The other workout I alternate with is workout B: the deadlift (my favorite), dumbbell shoulder presses, overhead lat pulldowns, lunges with dumbbells, and swiss ball crunches.  I’m only three workouts away from moving on to Stage 2, and I can’t wait for it.  There have been a handful of false starts – only going for a week or so before I got distracted and gave up, so lets just say I have gotten my fill of Stage 1.  But I love doing the workouts, so much.  It has changed the shape of my body already, and the increased strength I have has really helped me with running, yoga, everyday life!  I can’t recommend it enough.


3 responses to this post.

  1. Posted by Wendy on August 29, 2011 at 1:26 am

    Sounds like a great book — I’ve requested it from my local library, and will check it out.

    I found a great book, too, that really got me thinking. And, it has workout plans that I’d like to try. It’s titled: Hyperfitness: 12 weeks to conquering your inner Everest and getting into the best shape of your life, by Sean Burch.

    Keep it up!!! 🙂


  2. It’s great that you found it in the library, it’s always nice to give it a good look over before you buy 🙂 I’m interested to hear what you think of it!

    I will look into the book you suggested! It’s always a good thing to get a heads up about great books.

    What kinds of things have you been doing in your workouts lately?


    • Posted by Wendy on August 30, 2011 at 11:04 am

      Running …. when I can. I focused more on the boys this summer, and not so much on me, and discovered that I need to find a better balance between my physical fitness/workout needs and them; and to be more physically active with them whenever possible — including bike rides and walks/runs.

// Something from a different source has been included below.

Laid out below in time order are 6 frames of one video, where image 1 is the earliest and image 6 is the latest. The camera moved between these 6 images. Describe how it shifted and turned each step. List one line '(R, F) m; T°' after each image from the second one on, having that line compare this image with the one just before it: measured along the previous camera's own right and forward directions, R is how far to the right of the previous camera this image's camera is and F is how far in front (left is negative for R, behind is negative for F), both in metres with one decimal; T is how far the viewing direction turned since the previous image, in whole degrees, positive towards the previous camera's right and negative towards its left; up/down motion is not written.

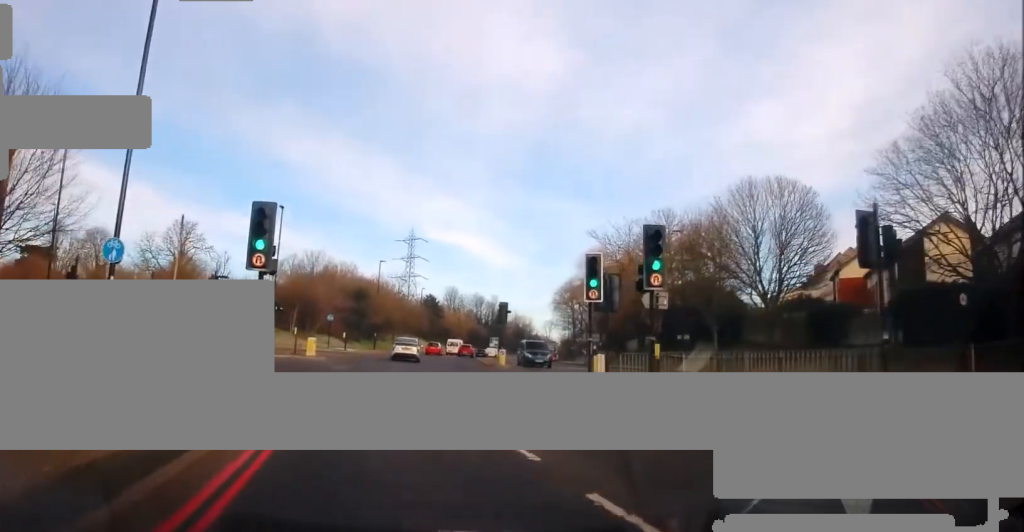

      I injured my shoulder early this summer, and that put a damper on my workouts, as well. I’ve been doing some rehab work with my chiropractor, and it’s improving, but it still feels weak. The recovery time is quite frustrating.

      Another website to check out is — warning, however — the chick is HOT! But, they are free workouts; they are intense workouts; they are short AND effective. I want to do more of those workouts.